Note that up to now, the current did not really take place in the discussion of the transformer. The equation (and thus the integrated \$\Phi_c\$) is valid for all load conditions of an ideal transformer driven by an ideal voltage source. (This is your "Fact 1")
To add the effects of the load, consider the two parts that make up the resulting flux:
\$\Phi_c = \frac{n_p I_p}{R_m} + \frac{n_s I_s}{R_m}\$
As we assume the primary side is an ideal voltage source, there is nothing known about the the current \$I_p\$, as the source would deliver every current needed so that the primary voltage is as required.

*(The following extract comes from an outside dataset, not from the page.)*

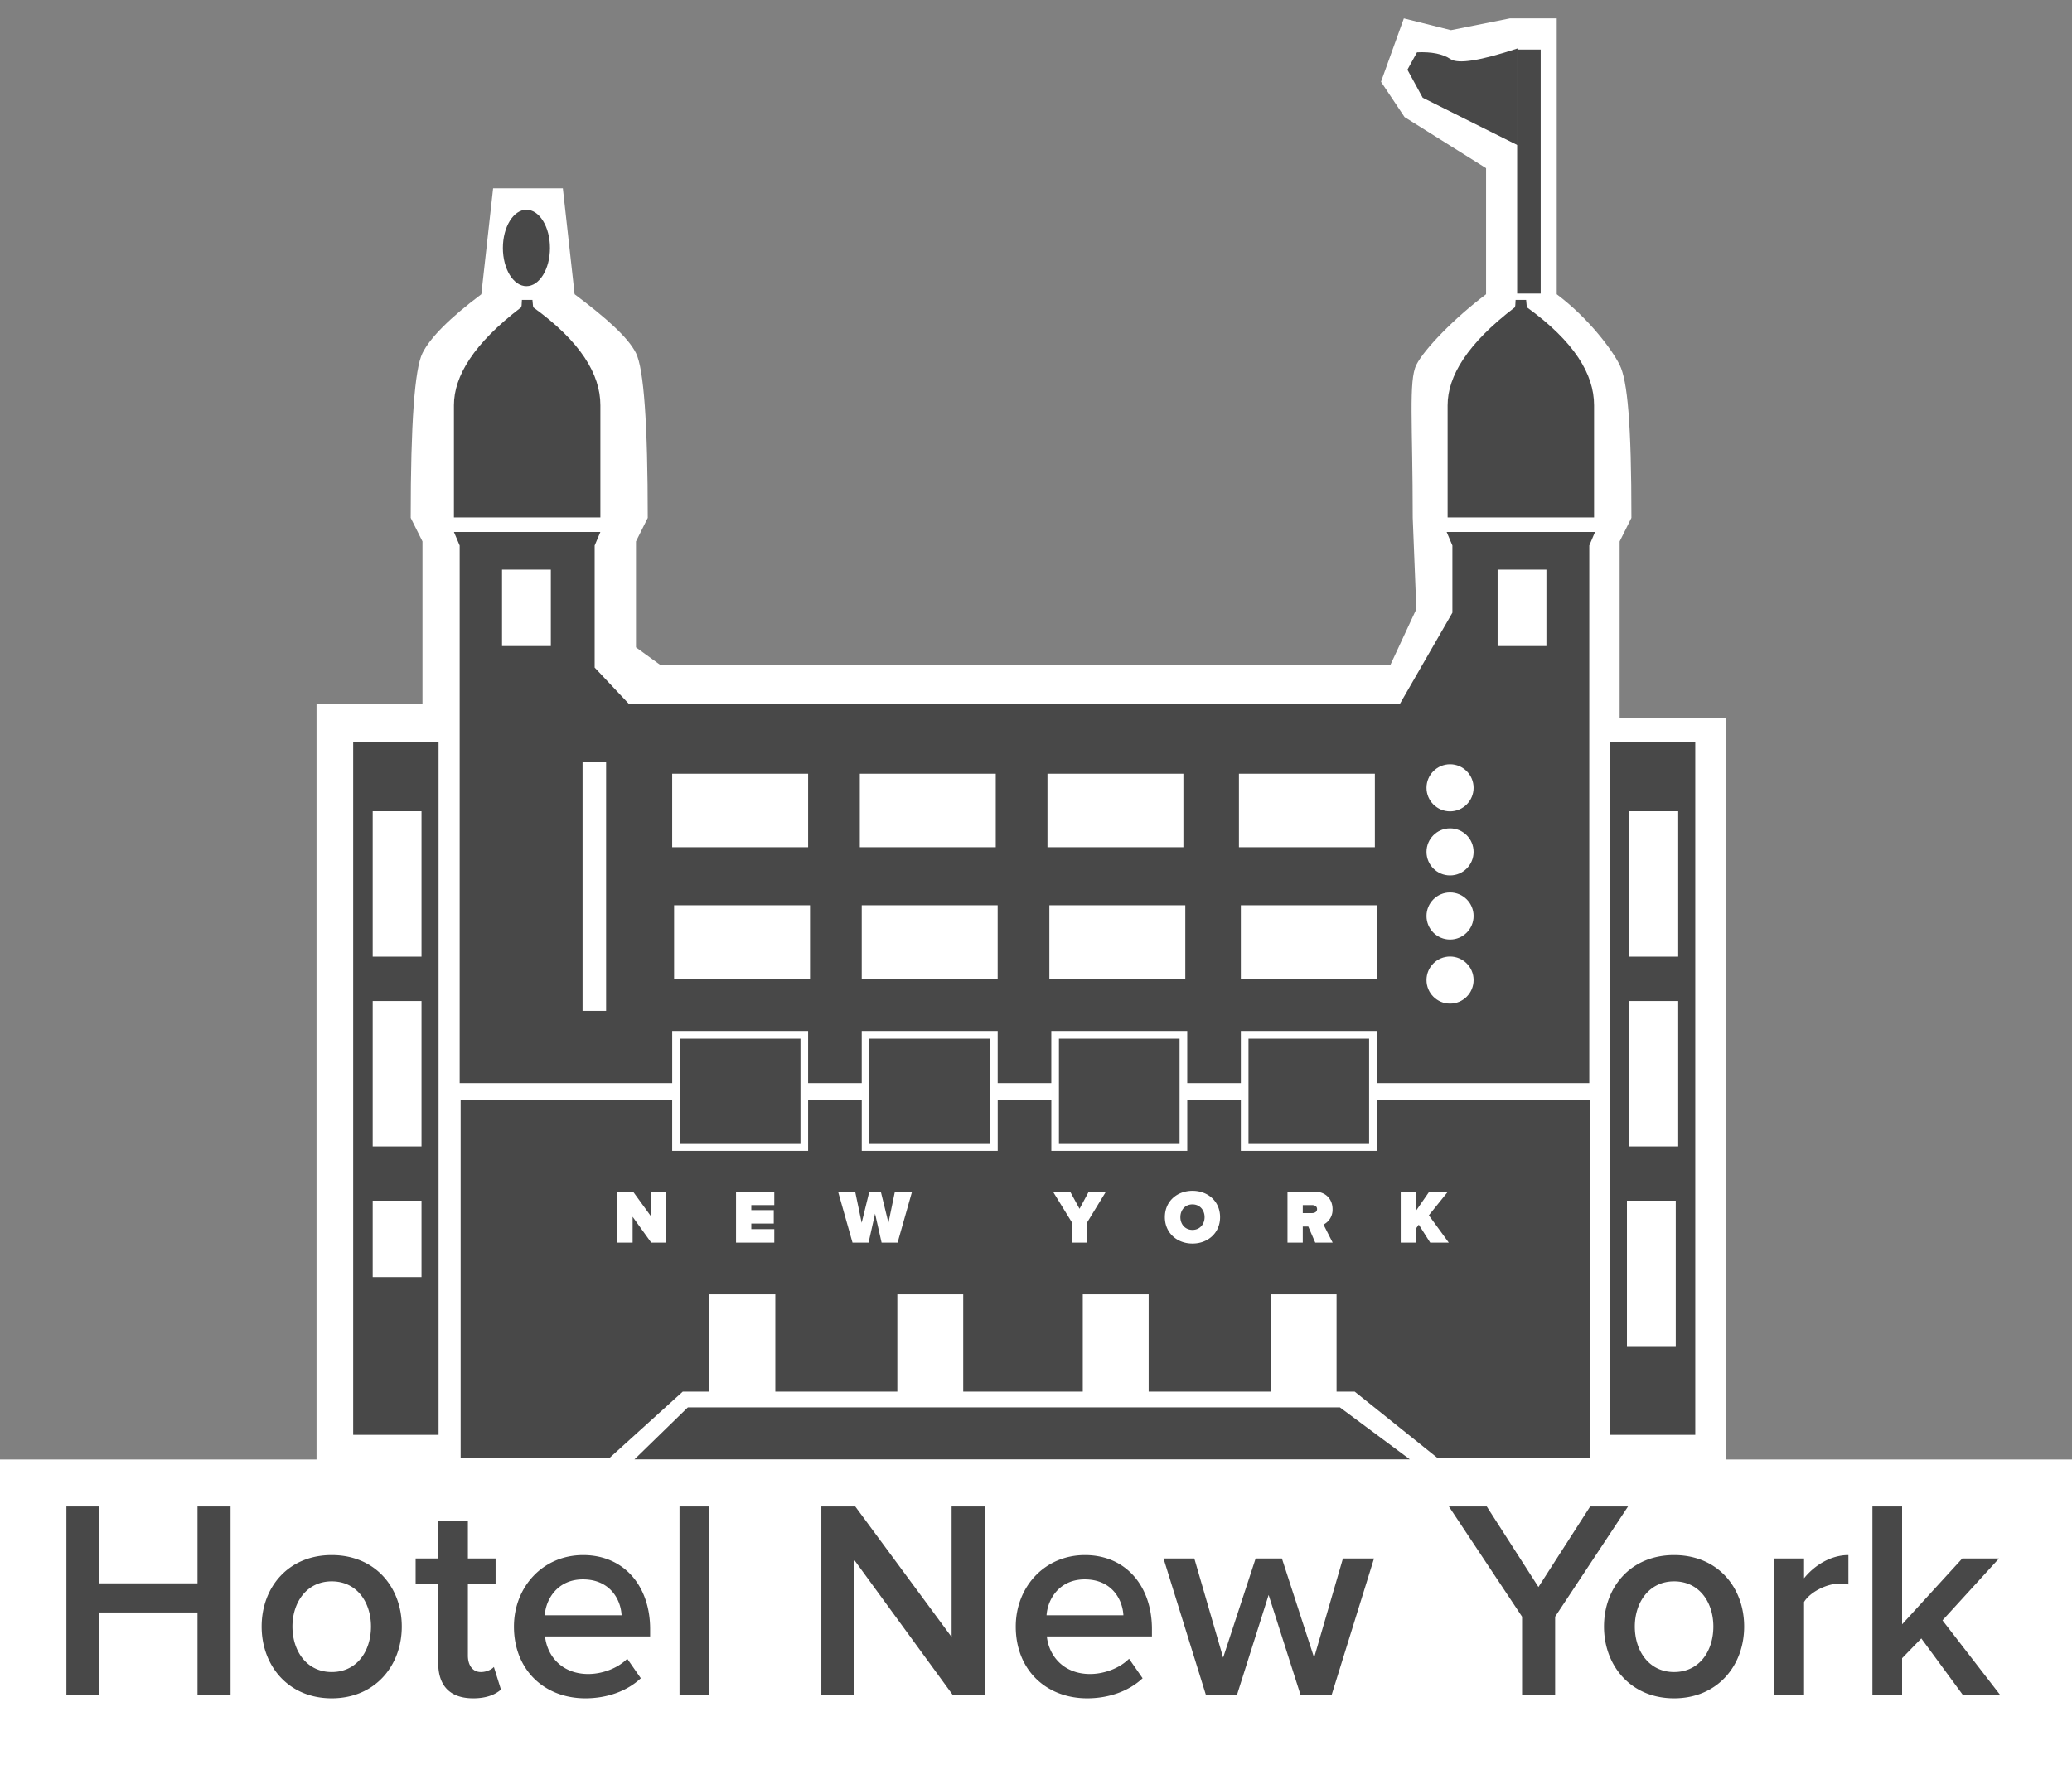 <svg width="88" height="76" viewBox="0 0 88 76" xmlns="http://www.w3.org/2000/svg"><rect x="0" y="0" width="88" height="76" fill="#808080" stroke="none"/><title>hotel-new-york</title><g fill="none" fill-rule="evenodd"><path fill="#FFF" fill-rule="nonzero" d="M0 62H88V76H0z"/><path d="M9.792 72H8.388v-3.504H4.224V72H2.82v-8.004h1.404v3.264h4.164v-3.264h1.404V72zm4.296.144c-1.848 0-2.976-1.392-2.976-3.048 0-1.668 1.128-3.036 2.976-3.036s2.976 1.368 2.976 3.036c0 1.656-1.128 3.048-2.976 3.048zm0-1.116c1.08 0 1.668-.9 1.668-1.932 0-1.02-.588-1.92-1.668-1.92-1.068 0-1.668.9-1.668 1.92 0 1.032.6 1.932 1.668 1.932zm6.012 1.116c-.984 0-1.488-.528-1.488-1.5v-3.348h-.96v-1.092h.96V64.62h1.26v1.584h1.176v1.092h-1.176v3.036c0 .396.192.696.552.696.24 0 .456-.108.552-.216l.3.96c-.228.204-.6.372-1.176.372zm4.764 0c-1.752 0-3.036-1.212-3.036-3.048 0-1.68 1.224-3.036 2.94-3.036 1.74 0 2.844 1.32 2.844 3.144v.312h-4.464c.096.864.744 1.596 1.836 1.596.576 0 1.236-.228 1.656-.648l.576.828c-.588.552-1.44.852-2.352.852zm1.536-3.528c-.036-.684-.504-1.524-1.644-1.524-1.068 0-1.572.828-1.62 1.524H26.4zM30.12 72h-1.26v-8.004h1.26V72zm11.7 0h-1.356l-4.176-5.724V72h-1.404v-8.004h1.44l4.092 5.544v-5.544h1.404V72zm4.356.144c-1.752 0-3.036-1.212-3.036-3.048 0-1.68 1.224-3.036 2.94-3.036 1.74 0 2.844 1.32 2.844 3.144v.312H44.46c.096.864.744 1.596 1.836 1.596.576 0 1.236-.228 1.656-.648l.576.828c-.588.552-1.44.852-2.352.852zm1.536-3.528c-.036-.684-.504-1.524-1.644-1.524-1.068 0-1.572.828-1.62 1.524h3.264zM56.556 72h-1.32l-1.356-4.248L52.536 72h-1.32l-1.8-5.796h1.308l1.224 4.212 1.38-4.212h1.116l1.368 4.212 1.224-4.212h1.32L56.556 72zm9.492 0h-1.404v-3.324l-3.108-4.68h1.608l2.196 3.42 2.196-3.42h1.608l-3.096 4.68V72zm5.052.144c-1.848 0-2.976-1.392-2.976-3.048 0-1.668 1.128-3.036 2.976-3.036s2.976 1.368 2.976 3.036c0 1.656-1.128 3.048-2.976 3.048zm0-1.116c1.08 0 1.668-.9 1.668-1.932 0-1.02-.588-1.92-1.668-1.92-1.068 0-1.668.9-1.668 1.92 0 1.032.6 1.932 1.668 1.932zm5.52.972h-1.26v-5.796h1.26v.84c.444-.552 1.14-.984 1.884-.984v1.248a1.74 1.74 0 0 0-.384-.036c-.54 0-1.248.36-1.5.78V72zm8.328 0h-1.584L81.6 69.6l-.816.84V72h-1.26v-8.004h1.26V69l2.556-2.796h1.56l-2.4 2.628L84.948 72z" fill="#484848"/><path d="M68.788 63.384H17.943v-1h-4.5V29.885h4.5V23l-.5-1c0-4 .167-6.333.5-7 .334-.667 1.167-1.5 2.5-2.5l.5-4.5h2.962l.5 4.5c1.334 1 2.273 1.833 2.606 2.5.334.667.5 3 .5 7l-.5 1v4.5l1.047.758h30.988l1.107-2.382L60 22c0-4-.18-5.833.153-6.5.333-.667 1.628-2 2.962-3V7.144l-3.462-2.17-1-1.5.97-2.694 2 .5 2.5-.5h1.993V12.5c1.333 1 2.34 2.333 2.672 3 .334.667.5 2.5.5 6.5l-.5 1v7.5h4.5v31.884h-4.5v1z" fill="#FFF"/><g transform="translate(15 2)"><path fill="#484848" d="M49.435 0.105H50.435V10.471H49.435z"/><path fill="#484848" d="M0 29.529H3.627V58.953H0z"/><path fill="#484848" d="M53.373 29.529H57V58.953H53.373z"/><path d="M43.473 44.712h9.067v15.241h-6.465l-3.537-2.835H13.996l-3.13 2.835H4.564v-15.24h8.985v2.177h5.773v-2.178H21.6v2.178h5.774v-2.178h2.277v2.178h5.773v-2.178H37.7v2.178h5.773v-2.178zm-5.773-.698h-2.277v-2.218H29.65v2.218h-2.277v-2.218h-5.774v2.218h-2.277v-2.218H13.55v2.218H4.523v-22.84l-.244-.576h6.22l-.243.575v5.185l1.463 1.553h32.73l2.236-3.883v-2.855l-.244-.575h6.302l-.244.575v22.84h-9.026v-2.217H37.7v2.218zm-23.826-1.89h5.123v4.437h-5.123v-4.437zm8.05 0h5.123v4.437h-5.122v-4.437zm8.05 0h5.124v4.437h-5.123v-4.437zm8.051 0h5.123v4.437h-5.123v-4.437z" fill="#484848"/><path fill="#FFF" d="M37.7 36.455H43.473V39.577H37.7z"/><path fill="#FFF" d="M29.568 36.455H35.341V39.577H29.568z"/><path fill="#FFF" d="M21.599 36.455H27.372V39.577H21.599z"/><path fill="#FFF" d="M13.63 36.455H19.403V39.577H13.63z"/><path fill="#FFF" d="M37.619 30.868H43.392V33.99H37.619z"/><path fill="#FFF" d="M29.487 30.868H35.26V33.99H29.487z"/><path fill="#FFF" d="M21.518 30.868H27.291V33.99H21.518z"/><path fill="#FFF" d="M13.549 30.868H19.322V33.99H13.549z"/><path d="M4.279 19.982h6.22v-4.765c0-1.32-.84-2.705-2.845-4.157-.011-.008-.025-.115-.041-.32h-.447c-.004.197-.016.304-.038.32-2.008 1.532-2.849 2.917-2.849 4.157v4.765zm42.203 0h6.22v-4.765c0-1.32-.84-2.705-2.845-4.157-.011-.008-.025-.115-.041-.32h-.447c-.004.197-.016.304-.038.32-2.008 1.532-2.849 2.917-2.849 4.157v4.765z" fill="#484848"/><path fill="#FFF" d="M15.131 52.984H17.929V57.172H15.131z"/><path fill="#FFF" d="M23.111 52.984H25.909V57.172H23.111z"/><path fill="#FFF" d="M30.987 52.984H33.785V57.172H30.987z"/><path fill="#FFF" d="M38.967 52.984H41.765V57.172H38.967z"/><path fill="#FFF" d="M54.098 49.005H56.171V55.183H54.098z"/><path fill="#FFF" d="M0.829 49.005H2.902V52.251H0.829z"/><path fill="#FFF" d="M6.322 22.199H8.395V25.445H6.322z"/><path fill="#FFF" d="M48.605 22.199H50.678V25.445H48.605z"/><path fill="#484848" d="M11.947 59.994L14.213 57.787 41.909 57.787 44.877 59.994z"/><ellipse fill="#484848" cx="7.358" cy="8.534" rx="1" ry="1.623"/><path d="M49.45.058c-1.572.52-2.52.671-2.846.452-.325-.219-.8-.315-1.423-.287l-.407.739.65 1.191 4.026 2.013V.058z" fill="#484848"/><path fill="#FFF" d="M54.202 40.524H56.275V46.702H54.202z"/><path fill="#FFF" d="M0.829 40.524H2.902V46.702H0.829z"/><path fill="#FFF" d="M54.202 32.461H56.275V38.639H54.202z"/><path fill="#FFF" d="M0.829 32.461H2.902V38.639H0.829z"/><path fill="#FFF" d="M9.742 30.366H10.742V40.942H9.742z"/><ellipse fill="#FFF" cx="46.585" cy="31.466" rx="1" ry="1"/><ellipse fill="#FFF" cx="46.585" cy="34.188" rx="1" ry="1"/><ellipse fill="#FFF" cx="46.585" cy="36.911" rx="1" ry="1"/><ellipse fill="#FFF" cx="46.585" cy="39.634" rx="1" ry="1"/><path d="M13.281 50.785h-.623l-.79-1.097v1.097h-.65V48.62h.67l.744 1.026V48.62h.65v2.165zm4.604 0H16.26V48.62h1.625v.572h-.976v.214h.954v.571h-.954v.237h.976v.571zm5.237 0h-.68l-.277-1.227-.276 1.227h-.682l-.613-2.165h.726l.276 1.325.325-1.325h.488l.324 1.325.274-1.325h.729l-.614 2.165zm8.052 0h-.65v-.86l-.803-1.305h.73l.398.73.392-.73h.73l-.797 1.305v.86zm4.472.04c-.662 0-1.173-.455-1.173-1.12 0-.666.51-1.12 1.173-1.12.662 0 1.172.454 1.172 1.12 0 .665-.51 1.12-1.172 1.12zm0-.579c.311 0 .514-.24.514-.542 0-.301-.203-.542-.514-.542-.312 0-.514.24-.514.542 0 .302.202.542.514.542zm5.953.54h-.739l-.295-.682h-.235v.681h-.649V48.62h1.144c.5 0 .77.338.77.744a.698.698 0 0 1-.385.655l.389.766zm-.874-1.254c.11 0 .212-.052.212-.172 0-.117-.103-.168-.212-.168h-.395v.34h.395zm5.806 1.253h-.79l-.483-.762-.118.162v.6h-.65V48.62h.65v.812l.562-.812h.793l-.81 1.006.846 1.16z" fill="#FFF"/></g></g></svg>

If we assume a simple ohmic load, the load current is known, though, it is \$I_l = U_s/R_s\$, with \$R_s\$ being the resistance of the load. At this point, signs get very important. If I call one terminal of the secondary "ground" and the other one "live", the voltage between the "live" and the "ground" terminal has a clearly defined sign. On the other hand, the current has to flow from "ground" to "live" inside the transformer as it flows from "live" to "ground" in the load and the other way around. So if secondary voltage and load voltage are defined as the voltage from the "live" to the "ground" terminal, they are obviously equal-signed, whereas the currents, measured as "current flowing into the respective live terminal" are oppositely signed. This means \$I_s = -I_l\$, so the formula for the flux can be written as
\$R_m\Phi_c = n_p I_p - n_s I_l = n_p I_p - n_s \frac{U_s}{R_s} = n_p I_p - \frac{n_s^2}{n_p}\frac{U_p}{R_s}\$
The first term of the right hand side shows the flux "created" by the primary winding, and the second term the flux "consumed" by the secondary side. The part of the flux consumed by the secondary side corresponds to the energy transmitted from the primary to the secondary. Solve that equation for \$I_p\$ to obtain:
\$I_p = \frac{R_m\Phi_c}{n_p} + \frac{n_s^2}{n_p^2}\frac{U_p}{R_s}\$
substituting a sinusodial voltage for \$U_p\$ and using the integrated term for \$\Phi_c\$, one obtains:
\$I_p(t) = -\frac{R_m}{n_p^2 \omega}U_0\cos(\omega t) + \frac{n_s^2}{n_p^2}\frac{U_0}{R_s}\sin(\omega t)\$
The first term on the right-hand side is out-of-phase with \$U(t)=U_0\sin(\omega t)\$, so it describes reactive power and is load-independent, while the second term is in-phase, so it describes active power and is load dependent. If the transformer is unloaded, the second term vanishes and the first reactive term remains, causing the 90° phase shift, while on a highly loaded transformer, the second term dominates so that the phase shift gets very close to zero. This is your "Fact 2".